Und ich war glücklich darüber.
Dieser letzte Moment auf der Klippe hatte meinen Kopf durcheinandergebracht, mich aus der Bahn geworfen, sodass ich keine Ahnung hatte, wie ich Reaper gegenüber treten sollte. Wie ich mich verhielt, wenn er die ganze Zeit in meiner Nähe war.

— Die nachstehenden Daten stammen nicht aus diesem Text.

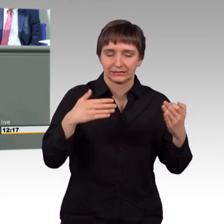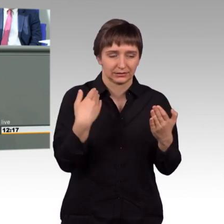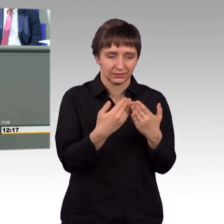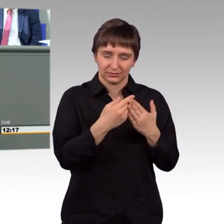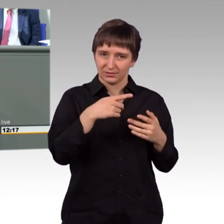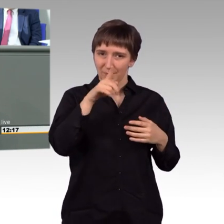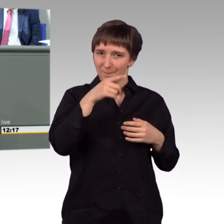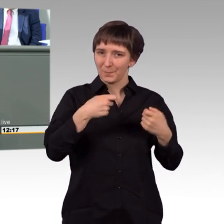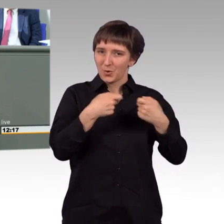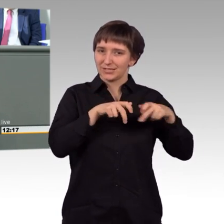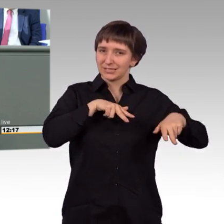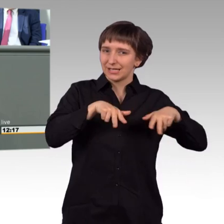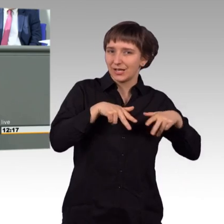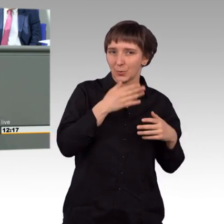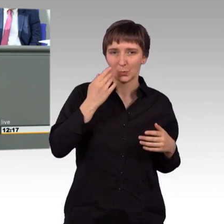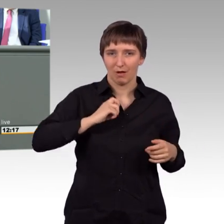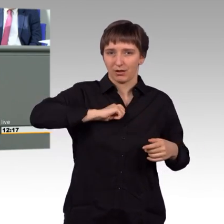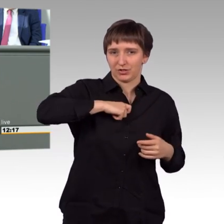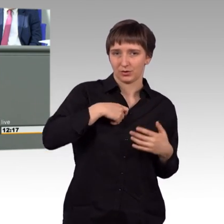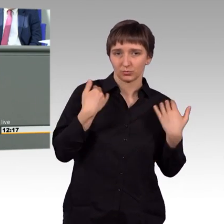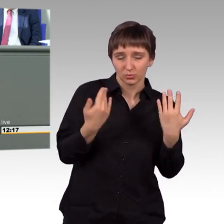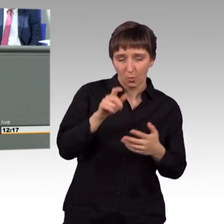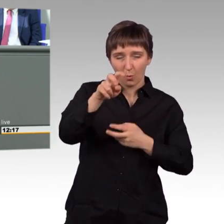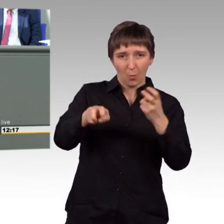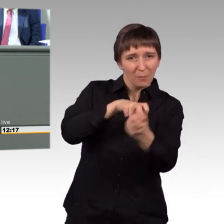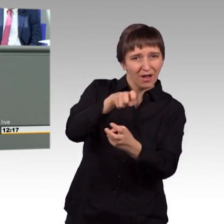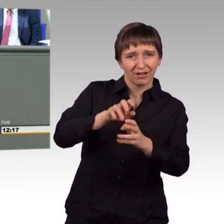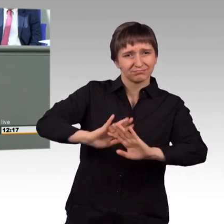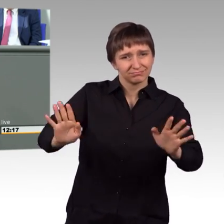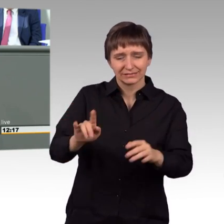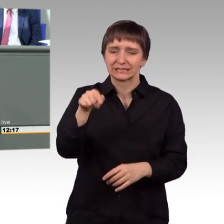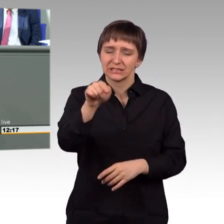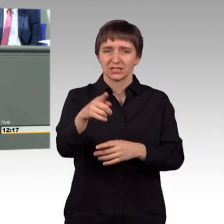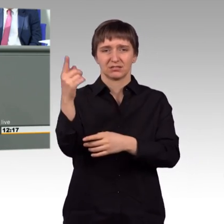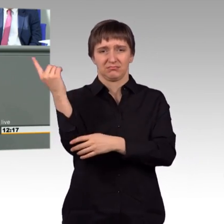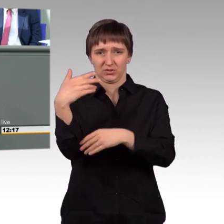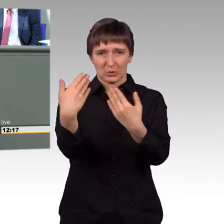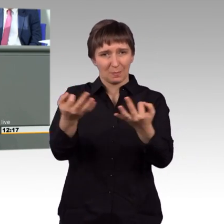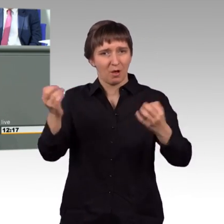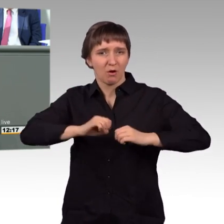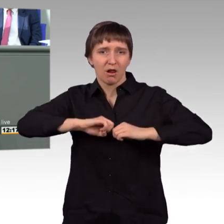So geht man nicht mit Despoten um. Despoten brauchen eine klare Haltung, Herr Gabriel.
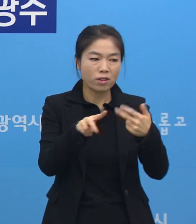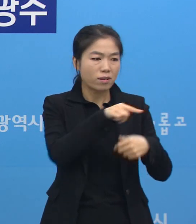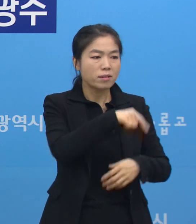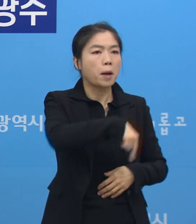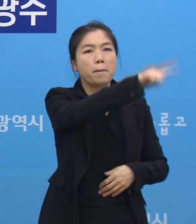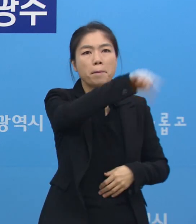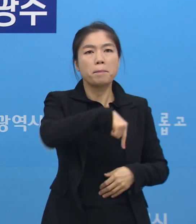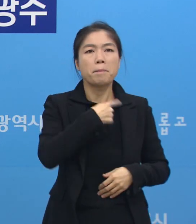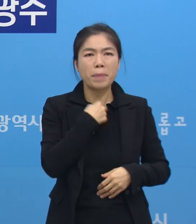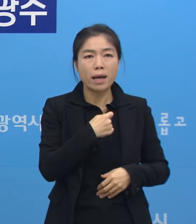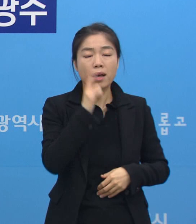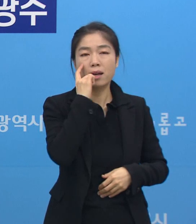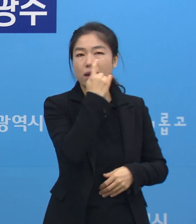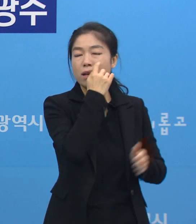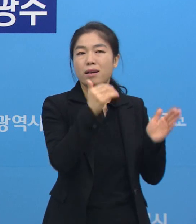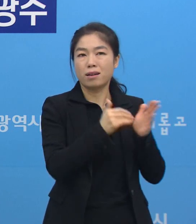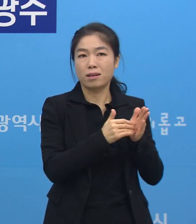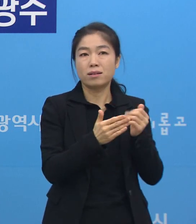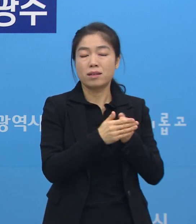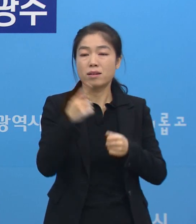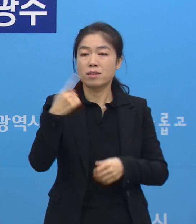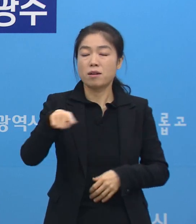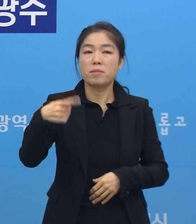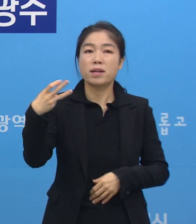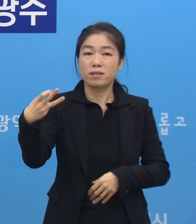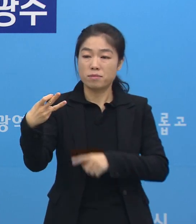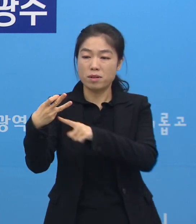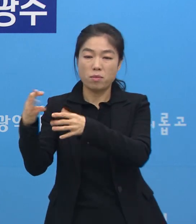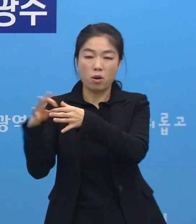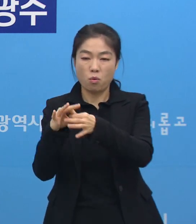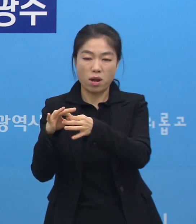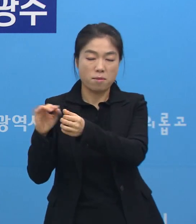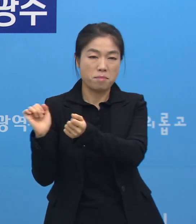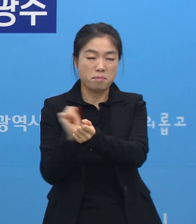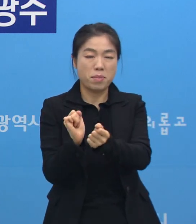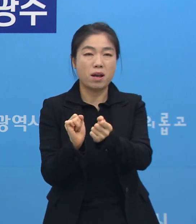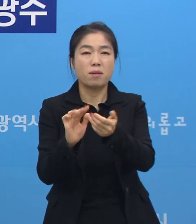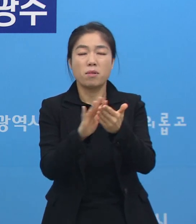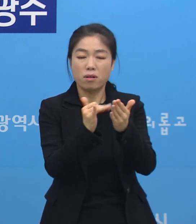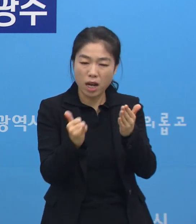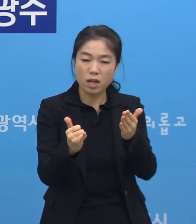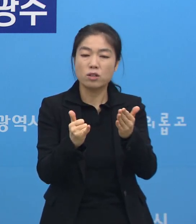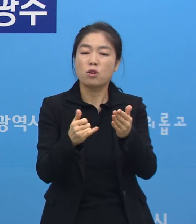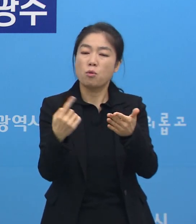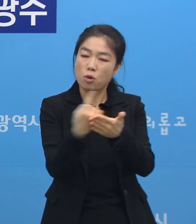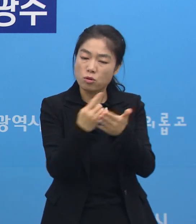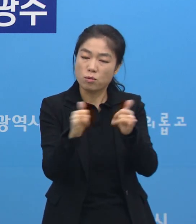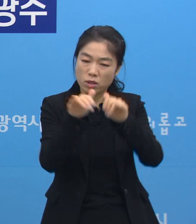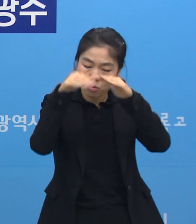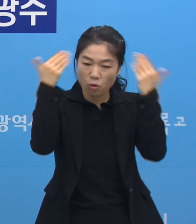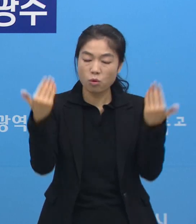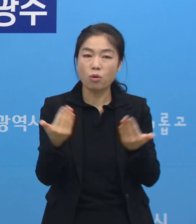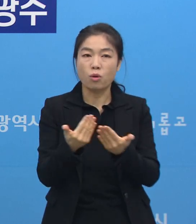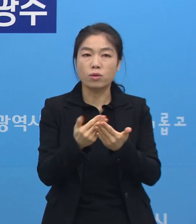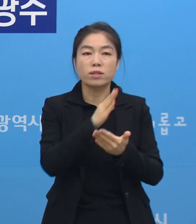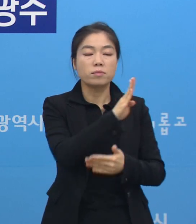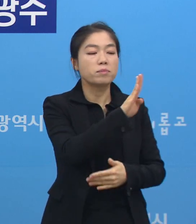확인했습니다. 그래서 1113번과 관련한 가족 그리고 그 기타 접촉자 전부를

Jetzt hatte ich etwas Ruhe.
»Ich dachte schon, ich treffe dich nie wieder alleine an.« Brummend ließ sich Beau auf einen der Barhocker fallen. »Er umschwirrt dich, wie ein Geier.«
Er machte ebenso wenig ein Geheimnis aus seiner Abneigung gegenüber Reaper, wie anders herum.
»Du übertreibst.«, maßregelte ich ihn.
Wir hatten gerade mal einen Tag zusammen verbracht. Und dann auch keinen kompletten. Aber das Problem lag nicht darin, sondern in der Beziehung zwischen Reaper und Beau. Sie zur Besserung zu bewegen schien mir bei beiden Männern ein utopisches Unterfangen, weshalb ich das Thema in meinen Hinterkopf verbannte und Beau seinen Kaffee zubereitete, den er sich für gewöhnlich in seiner Pause abholte.
»Hier«, unter seinen Fingern blitzte ein Zwanzig-Dollar-Schein hervor, »Für dein kleines Sparschwein.«
Beau und Ash waren die einzigen Clubmitglieder, die hin und wieder aktiv dabei halfen mein Glas im Barregal zu füllen. Mich meinem eigenen Leben schrittweise näher brachten.
»Danke.«
Mein überaus glückliches Lächeln erwiderte Beau, ehe er sich wieder auf den Weg in die Werkstatt begab. Aktuell überholten sie einige Motorräder des Clubs, insofern sie deren Besitzer nicht selbst in Schuss hielten. Reaper hatte ich dort vor seinem Bike hocken sehen, hochkonzentriert und überaus beschäftigt. Jeder der ein Motorrad fuhr, verfügte auch über ein gewisses Grundwissen, was die Maschine anbelangte. Das geballte Know-how eines MC war hingegen unübertroffen, was andere Fahrer von außerhalb anlockte, die ihre Fahrzeuge hier zur Reparatur oder zum Aufhübschen - wie Carlos es gern nannte - brachten.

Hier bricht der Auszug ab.